### Data for analysis
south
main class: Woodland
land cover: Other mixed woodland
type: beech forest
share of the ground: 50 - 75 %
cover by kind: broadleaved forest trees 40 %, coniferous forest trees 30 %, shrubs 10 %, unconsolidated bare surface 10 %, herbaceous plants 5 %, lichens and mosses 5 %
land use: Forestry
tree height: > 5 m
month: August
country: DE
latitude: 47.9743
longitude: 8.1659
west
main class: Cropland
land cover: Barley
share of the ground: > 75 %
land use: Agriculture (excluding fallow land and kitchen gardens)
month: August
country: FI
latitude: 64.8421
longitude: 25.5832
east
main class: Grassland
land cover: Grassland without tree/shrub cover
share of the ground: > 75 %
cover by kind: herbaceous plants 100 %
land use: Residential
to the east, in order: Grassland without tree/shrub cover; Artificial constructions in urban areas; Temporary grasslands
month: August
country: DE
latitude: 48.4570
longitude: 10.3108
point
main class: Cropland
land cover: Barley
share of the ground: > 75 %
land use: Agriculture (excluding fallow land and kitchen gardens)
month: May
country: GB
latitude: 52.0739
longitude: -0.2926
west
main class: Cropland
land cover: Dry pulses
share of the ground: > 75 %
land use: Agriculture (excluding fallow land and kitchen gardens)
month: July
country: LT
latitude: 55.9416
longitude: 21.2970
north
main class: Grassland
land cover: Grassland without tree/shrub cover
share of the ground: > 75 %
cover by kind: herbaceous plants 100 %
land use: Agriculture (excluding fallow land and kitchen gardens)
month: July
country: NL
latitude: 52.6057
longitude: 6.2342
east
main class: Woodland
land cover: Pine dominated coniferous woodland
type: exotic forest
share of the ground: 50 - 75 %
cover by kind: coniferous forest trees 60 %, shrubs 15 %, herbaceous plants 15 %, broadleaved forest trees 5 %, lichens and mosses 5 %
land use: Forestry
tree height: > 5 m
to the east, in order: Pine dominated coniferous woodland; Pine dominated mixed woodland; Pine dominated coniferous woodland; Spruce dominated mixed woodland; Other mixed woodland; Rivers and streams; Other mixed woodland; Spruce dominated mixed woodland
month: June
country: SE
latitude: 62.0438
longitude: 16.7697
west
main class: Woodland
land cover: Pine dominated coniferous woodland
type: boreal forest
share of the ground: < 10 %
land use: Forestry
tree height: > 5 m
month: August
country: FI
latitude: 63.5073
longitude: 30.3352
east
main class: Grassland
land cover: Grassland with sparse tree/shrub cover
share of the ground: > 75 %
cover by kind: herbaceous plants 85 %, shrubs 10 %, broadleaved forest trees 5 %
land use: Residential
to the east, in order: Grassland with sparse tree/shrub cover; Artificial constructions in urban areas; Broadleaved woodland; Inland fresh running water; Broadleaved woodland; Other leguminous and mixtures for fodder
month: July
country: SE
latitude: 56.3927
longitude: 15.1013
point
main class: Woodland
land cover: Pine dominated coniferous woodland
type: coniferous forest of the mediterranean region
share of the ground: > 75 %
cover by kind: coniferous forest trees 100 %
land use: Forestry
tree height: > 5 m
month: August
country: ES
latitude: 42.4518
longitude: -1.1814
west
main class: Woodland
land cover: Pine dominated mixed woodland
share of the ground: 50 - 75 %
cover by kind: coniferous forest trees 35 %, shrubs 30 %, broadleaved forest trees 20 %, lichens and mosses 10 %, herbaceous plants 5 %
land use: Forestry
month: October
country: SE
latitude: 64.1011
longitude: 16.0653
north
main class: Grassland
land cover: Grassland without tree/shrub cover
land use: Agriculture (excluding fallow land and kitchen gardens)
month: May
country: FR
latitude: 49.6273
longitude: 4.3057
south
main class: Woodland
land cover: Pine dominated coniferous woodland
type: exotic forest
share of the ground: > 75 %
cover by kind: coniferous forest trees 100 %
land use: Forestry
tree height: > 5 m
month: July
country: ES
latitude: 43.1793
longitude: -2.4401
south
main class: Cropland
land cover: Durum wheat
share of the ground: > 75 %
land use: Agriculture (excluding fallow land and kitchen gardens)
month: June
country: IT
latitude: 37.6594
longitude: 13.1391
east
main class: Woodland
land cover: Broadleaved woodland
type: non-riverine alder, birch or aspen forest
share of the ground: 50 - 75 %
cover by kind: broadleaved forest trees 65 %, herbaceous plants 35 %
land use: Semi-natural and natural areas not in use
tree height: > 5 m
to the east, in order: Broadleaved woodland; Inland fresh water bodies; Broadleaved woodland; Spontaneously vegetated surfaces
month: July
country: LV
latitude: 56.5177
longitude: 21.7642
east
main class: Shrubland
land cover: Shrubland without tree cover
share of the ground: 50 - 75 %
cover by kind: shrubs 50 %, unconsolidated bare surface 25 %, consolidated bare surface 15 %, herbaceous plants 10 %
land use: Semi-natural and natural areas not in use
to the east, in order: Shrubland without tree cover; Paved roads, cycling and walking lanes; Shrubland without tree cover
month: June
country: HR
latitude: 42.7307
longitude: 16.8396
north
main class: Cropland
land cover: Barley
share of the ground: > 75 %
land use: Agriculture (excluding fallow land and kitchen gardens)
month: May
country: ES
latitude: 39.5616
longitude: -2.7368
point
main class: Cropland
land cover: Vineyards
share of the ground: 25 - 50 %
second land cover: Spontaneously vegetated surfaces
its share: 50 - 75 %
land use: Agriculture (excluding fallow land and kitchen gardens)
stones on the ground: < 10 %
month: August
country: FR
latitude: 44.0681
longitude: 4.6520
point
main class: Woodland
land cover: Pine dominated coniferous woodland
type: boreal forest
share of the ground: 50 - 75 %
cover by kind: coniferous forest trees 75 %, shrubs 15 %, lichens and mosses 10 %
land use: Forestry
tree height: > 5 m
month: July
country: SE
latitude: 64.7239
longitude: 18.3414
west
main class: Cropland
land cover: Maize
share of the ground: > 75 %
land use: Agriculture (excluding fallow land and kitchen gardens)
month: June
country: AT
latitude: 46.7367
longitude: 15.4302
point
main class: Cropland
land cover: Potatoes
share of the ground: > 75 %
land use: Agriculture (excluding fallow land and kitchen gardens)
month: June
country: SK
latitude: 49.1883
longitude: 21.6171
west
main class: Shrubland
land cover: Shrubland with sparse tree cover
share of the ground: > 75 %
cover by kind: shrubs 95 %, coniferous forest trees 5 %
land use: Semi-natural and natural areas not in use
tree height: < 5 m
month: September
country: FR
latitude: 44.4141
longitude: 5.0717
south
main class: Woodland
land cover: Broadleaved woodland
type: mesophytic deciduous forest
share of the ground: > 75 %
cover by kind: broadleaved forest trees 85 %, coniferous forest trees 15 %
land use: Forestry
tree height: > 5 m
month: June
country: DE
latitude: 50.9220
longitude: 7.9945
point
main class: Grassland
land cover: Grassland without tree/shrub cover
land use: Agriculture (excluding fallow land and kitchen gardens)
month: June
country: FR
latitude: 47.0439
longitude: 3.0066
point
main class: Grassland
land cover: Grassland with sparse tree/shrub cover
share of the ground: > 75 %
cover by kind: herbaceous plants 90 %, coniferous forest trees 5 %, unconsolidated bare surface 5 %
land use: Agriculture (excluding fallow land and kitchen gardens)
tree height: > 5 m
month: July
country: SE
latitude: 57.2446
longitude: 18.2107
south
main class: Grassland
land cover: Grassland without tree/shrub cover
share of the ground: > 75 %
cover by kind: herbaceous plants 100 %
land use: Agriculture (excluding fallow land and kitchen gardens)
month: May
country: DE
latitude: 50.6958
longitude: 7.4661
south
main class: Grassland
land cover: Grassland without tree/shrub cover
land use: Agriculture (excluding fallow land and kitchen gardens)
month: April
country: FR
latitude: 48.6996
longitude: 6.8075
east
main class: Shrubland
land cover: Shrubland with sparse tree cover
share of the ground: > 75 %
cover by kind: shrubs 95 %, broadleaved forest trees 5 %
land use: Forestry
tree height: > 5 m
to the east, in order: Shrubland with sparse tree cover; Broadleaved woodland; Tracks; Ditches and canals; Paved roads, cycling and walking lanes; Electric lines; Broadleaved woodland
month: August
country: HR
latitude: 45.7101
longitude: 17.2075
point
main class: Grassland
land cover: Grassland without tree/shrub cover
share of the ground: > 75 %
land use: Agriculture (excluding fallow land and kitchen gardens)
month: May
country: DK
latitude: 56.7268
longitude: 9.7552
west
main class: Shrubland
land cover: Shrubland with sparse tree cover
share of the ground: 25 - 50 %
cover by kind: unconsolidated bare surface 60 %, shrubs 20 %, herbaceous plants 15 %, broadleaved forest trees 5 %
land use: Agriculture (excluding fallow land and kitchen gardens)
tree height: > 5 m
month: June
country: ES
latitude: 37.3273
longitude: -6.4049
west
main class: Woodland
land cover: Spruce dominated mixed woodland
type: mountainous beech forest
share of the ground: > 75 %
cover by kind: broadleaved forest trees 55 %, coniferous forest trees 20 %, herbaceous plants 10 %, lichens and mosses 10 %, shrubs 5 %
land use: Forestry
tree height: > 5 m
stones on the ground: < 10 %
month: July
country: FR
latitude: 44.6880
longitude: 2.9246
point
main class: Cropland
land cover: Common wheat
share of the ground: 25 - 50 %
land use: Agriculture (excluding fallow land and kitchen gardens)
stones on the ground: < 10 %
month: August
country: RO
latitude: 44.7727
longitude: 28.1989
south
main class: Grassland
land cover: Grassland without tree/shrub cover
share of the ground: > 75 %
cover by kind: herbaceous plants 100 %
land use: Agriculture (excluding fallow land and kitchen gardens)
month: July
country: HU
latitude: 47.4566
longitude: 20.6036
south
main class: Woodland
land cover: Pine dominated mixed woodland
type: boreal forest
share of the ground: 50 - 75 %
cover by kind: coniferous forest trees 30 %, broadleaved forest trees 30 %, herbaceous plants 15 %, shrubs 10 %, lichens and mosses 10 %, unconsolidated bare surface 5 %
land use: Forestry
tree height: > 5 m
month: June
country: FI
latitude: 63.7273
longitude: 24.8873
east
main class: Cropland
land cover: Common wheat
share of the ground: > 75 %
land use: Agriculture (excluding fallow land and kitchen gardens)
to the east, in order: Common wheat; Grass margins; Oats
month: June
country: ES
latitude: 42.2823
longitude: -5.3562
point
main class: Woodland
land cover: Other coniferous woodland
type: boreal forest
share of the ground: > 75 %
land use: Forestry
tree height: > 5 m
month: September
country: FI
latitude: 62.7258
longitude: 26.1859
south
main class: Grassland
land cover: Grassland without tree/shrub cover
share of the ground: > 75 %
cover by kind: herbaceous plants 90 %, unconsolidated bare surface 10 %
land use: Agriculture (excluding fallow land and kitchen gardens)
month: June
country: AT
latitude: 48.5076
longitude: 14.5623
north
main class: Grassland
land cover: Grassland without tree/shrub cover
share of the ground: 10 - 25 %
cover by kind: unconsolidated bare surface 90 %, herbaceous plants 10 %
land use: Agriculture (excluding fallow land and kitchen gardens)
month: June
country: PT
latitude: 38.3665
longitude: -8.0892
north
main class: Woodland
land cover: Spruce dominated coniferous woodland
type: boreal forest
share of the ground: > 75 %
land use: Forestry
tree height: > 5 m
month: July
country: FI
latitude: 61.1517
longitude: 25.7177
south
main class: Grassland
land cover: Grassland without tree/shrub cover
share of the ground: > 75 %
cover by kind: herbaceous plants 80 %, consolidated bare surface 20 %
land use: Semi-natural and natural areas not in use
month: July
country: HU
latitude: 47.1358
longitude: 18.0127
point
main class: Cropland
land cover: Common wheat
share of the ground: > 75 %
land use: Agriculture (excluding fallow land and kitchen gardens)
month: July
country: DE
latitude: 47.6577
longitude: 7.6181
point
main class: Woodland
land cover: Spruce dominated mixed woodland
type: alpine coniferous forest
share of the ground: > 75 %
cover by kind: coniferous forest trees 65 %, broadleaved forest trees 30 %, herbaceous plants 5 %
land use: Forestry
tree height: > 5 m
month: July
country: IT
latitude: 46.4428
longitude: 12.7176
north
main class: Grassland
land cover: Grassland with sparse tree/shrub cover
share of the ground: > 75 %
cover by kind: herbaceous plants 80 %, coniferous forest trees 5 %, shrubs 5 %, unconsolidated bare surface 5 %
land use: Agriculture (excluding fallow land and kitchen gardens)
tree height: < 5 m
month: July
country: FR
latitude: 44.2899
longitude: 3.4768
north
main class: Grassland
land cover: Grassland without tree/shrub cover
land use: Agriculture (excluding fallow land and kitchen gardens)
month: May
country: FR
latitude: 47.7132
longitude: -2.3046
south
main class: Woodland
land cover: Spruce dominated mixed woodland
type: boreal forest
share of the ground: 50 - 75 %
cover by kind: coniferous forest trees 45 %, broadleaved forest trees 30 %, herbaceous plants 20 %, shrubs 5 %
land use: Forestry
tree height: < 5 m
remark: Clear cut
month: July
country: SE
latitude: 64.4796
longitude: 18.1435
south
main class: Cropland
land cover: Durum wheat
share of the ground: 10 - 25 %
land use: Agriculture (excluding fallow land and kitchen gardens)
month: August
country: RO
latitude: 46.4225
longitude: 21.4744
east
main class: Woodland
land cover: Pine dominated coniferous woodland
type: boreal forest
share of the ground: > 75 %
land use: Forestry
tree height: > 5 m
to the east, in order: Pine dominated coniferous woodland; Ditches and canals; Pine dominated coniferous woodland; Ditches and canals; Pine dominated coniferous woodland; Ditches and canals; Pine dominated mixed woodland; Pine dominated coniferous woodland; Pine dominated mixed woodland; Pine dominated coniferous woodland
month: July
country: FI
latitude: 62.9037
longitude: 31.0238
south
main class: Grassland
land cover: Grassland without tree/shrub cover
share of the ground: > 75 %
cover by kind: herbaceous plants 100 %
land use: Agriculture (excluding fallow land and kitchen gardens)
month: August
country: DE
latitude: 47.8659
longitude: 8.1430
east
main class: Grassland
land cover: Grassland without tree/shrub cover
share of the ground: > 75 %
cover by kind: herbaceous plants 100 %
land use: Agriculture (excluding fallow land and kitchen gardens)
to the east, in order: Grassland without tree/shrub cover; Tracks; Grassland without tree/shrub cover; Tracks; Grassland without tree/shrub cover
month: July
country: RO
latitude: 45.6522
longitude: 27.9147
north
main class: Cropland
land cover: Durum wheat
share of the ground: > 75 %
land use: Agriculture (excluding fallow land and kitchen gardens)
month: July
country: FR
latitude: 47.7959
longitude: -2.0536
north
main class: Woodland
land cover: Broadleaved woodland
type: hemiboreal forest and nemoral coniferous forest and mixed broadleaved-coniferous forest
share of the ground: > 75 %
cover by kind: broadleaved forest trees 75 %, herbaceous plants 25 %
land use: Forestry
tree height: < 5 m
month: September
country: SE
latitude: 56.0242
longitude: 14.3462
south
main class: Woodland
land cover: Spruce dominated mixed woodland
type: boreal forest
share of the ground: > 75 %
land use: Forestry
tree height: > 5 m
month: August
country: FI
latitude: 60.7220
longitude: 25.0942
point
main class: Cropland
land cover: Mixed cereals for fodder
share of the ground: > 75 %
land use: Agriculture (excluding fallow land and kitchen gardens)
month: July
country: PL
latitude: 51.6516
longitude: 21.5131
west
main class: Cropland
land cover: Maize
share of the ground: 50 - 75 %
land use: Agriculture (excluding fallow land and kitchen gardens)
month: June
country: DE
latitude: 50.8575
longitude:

### Problem
Pull every line containing "Ditches" from the data.

### Exercise answer
to the east, in order: Shrubland with sparse tree cover; Broadleaved woodland; Tracks; Ditches and canals; Paved roads, cycling and walking lanes; Electric lines; Broadleaved woodland
to the east, in order: Pine dominated coniferous woodland; Ditches and canals; Pine dominated coniferous woodland; Ditches and canals; Pine dominated coniferous woodland; Ditches and canals; Pine dominated mixed woodland; Pine dominated coniferous woodland; Pine dominated mixed woodland; Pine dominated coniferous woodland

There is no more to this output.